### ABOUT THIS TASK
Output the first line below and each one after it, exactly, up to and including the line holding "und als Deputierte des HHerrn". Pictures should not be copied.

<<<<

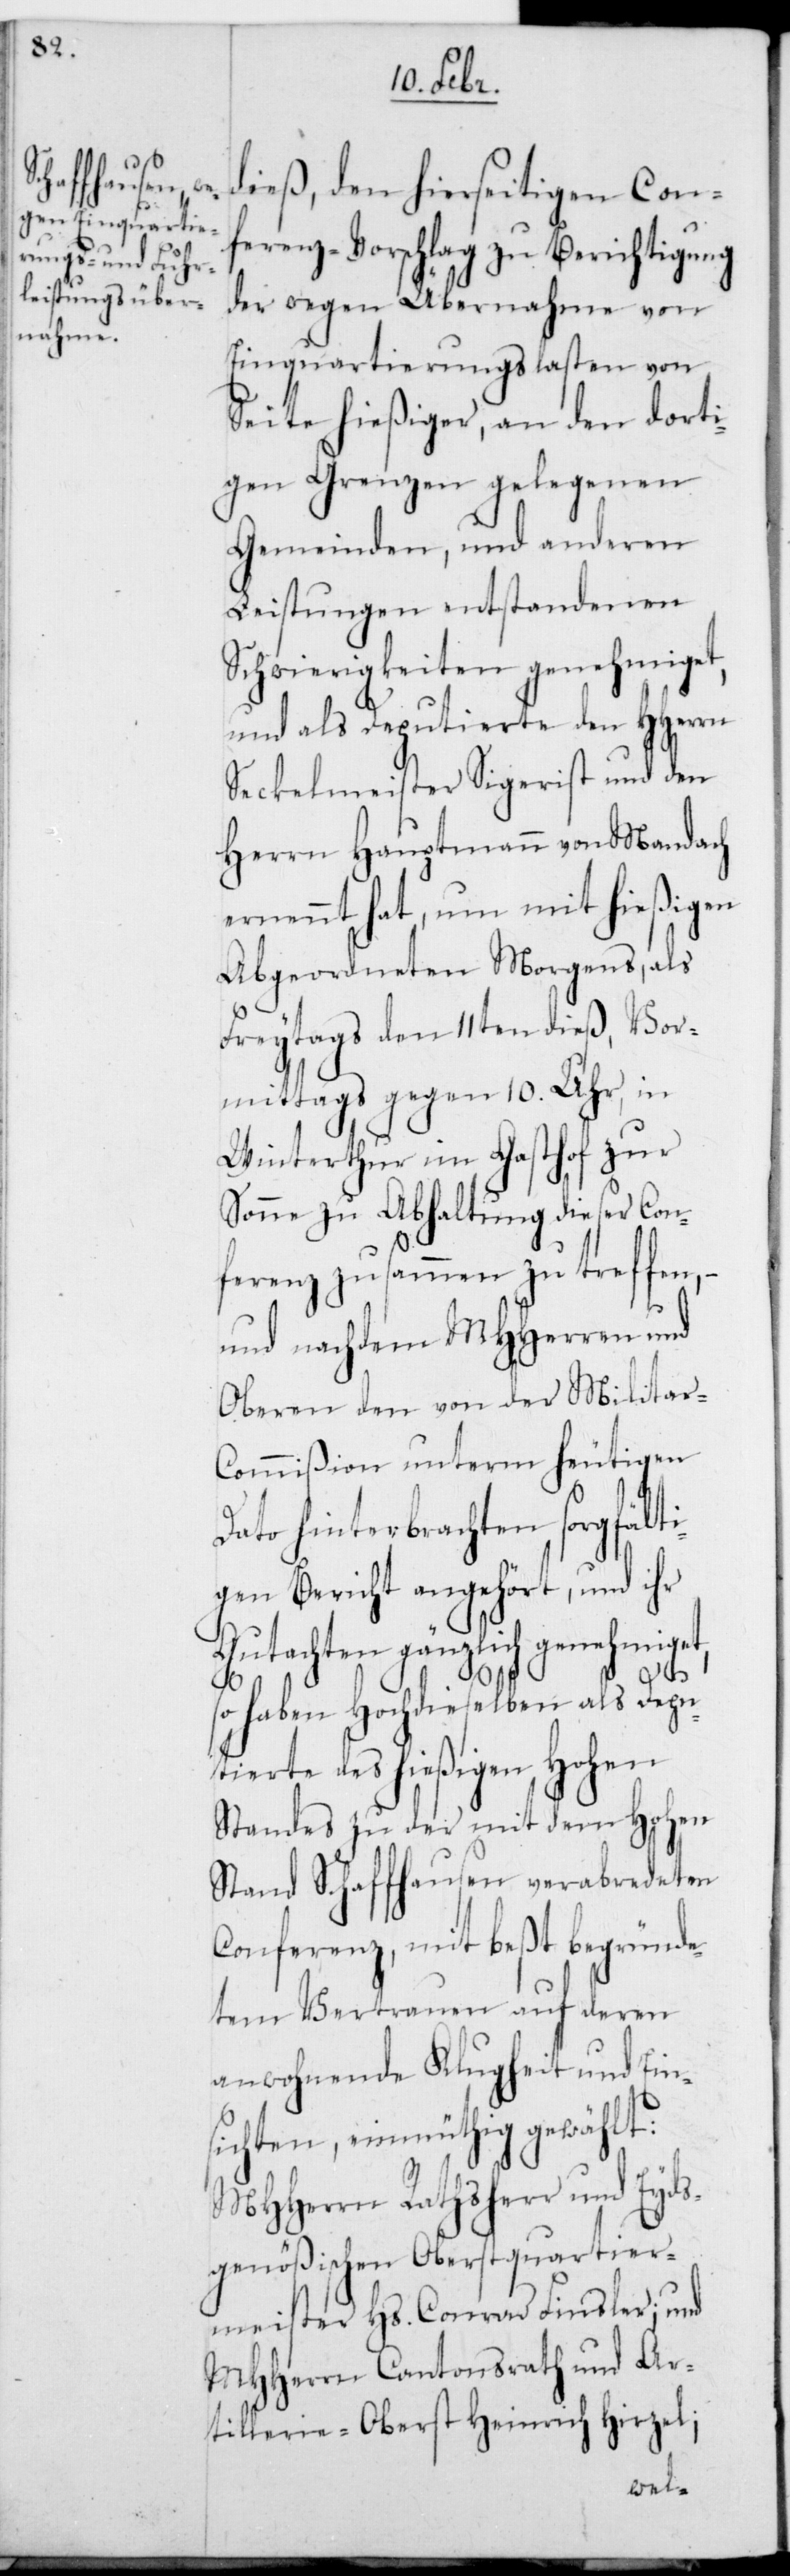
dieß, den hierseitigen Con¬
ferenz-Vorschlag zu Berichtigung
der wegen Übernahme von
Einquartierungslasten von
Seite hießiger, an den dort¬
igen Grenzen gelegenen
Gemeinden, und anderen
Leistungen entstandenen
Schwierigkeiten genehmiget,
und als Deputierte des HHerrn
Seckelmeister Sigerist und den
Herrn Hauptmann von Mandach
ernennt hat, um mit hießigen
Abgeordneten Morgens, als
Freitags den 11ten dieß, vor¬
mittags gegen 10. Uhr, in
Winterthur im Gasthof zur
Sonne zu Abhaltung dieser Con¬
ferenz zusammen zu treffen, –
und nachdem MHHerren und
Oberen den von der Militar-C¬
ommißion unterm heutigen
Dato hinterbrachten sorgfälti¬
gen Bericht angehört, und ihr
Gutachten gänzlich genehmiget,
so haben Hochdieselben als Depu¬
tierte des hießigen Hohen
Standes zu der mit dem Hohen
Stand Schaffhausen verabredeten
Conferenz, mit beßt begründe¬
tem Vertrauen auf deren
anwohnende Klugheit und Ein¬
sichten, einmüthig gewählt:
MHHerrn Rathsherr und Eyds¬
genößischen Oberstquartier¬
meister Hs. Conrad Finsler; und
MHHerrn Cantonsrath und Ar¬
tillerie-Oberst Heinrich Hirzel;

>>>>

### RESPONSE
dieß, den hierseitigen Con¬
ferenz-Vorschlag zu Berichtigung
der wegen Übernahme von
Einquartierungslasten von
Seite hießiger, an den dort¬
igen Grenzen gelegenen
Gemeinden, und anderen
Leistungen entstandenen
Schwierigkeiten genehmiget,
und als Deputierte des HHerrn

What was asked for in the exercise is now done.